* _Exercise_
Identify every line in the records below that contains the word "medium", and copy each of those lines.

* _Provided data_
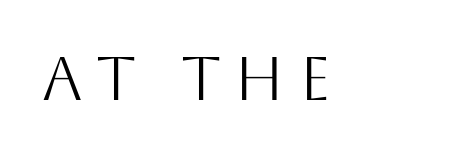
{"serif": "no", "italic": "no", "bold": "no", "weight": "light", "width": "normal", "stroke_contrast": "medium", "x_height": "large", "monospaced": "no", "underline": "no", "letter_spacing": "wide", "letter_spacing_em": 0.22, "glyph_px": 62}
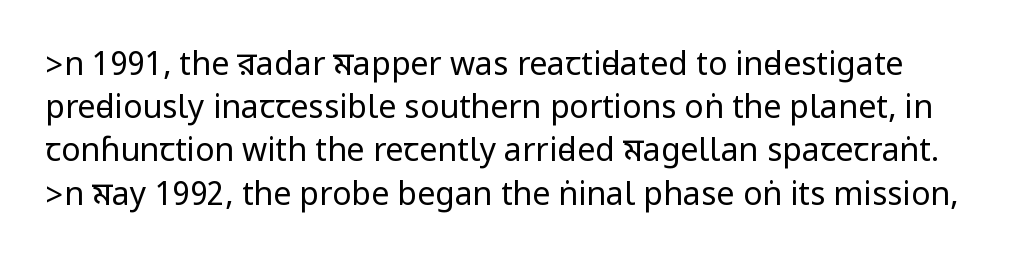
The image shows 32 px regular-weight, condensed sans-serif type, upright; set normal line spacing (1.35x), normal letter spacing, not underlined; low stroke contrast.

---

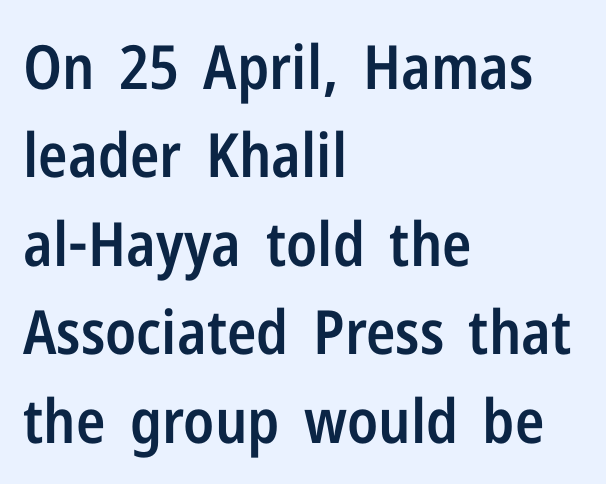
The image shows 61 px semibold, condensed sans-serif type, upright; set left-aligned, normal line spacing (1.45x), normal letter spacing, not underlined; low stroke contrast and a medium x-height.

* _Result for this task_
{"serif": "no", "italic": "no", "bold": "no", "weight": "light", "width": "normal", "stroke_contrast": "medium", "x_height": "large", "monospaced": "no", "underline": "no", "letter_spacing": "wide", "letter_spacing_em": 0.22, "glyph_px": 62}
The image shows 61 px semibold, condensed sans-serif type, upright; set left-aligned, normal line spacing (1.45x), normal letter spacing, not underlined; low stroke contrast and a medium x-height.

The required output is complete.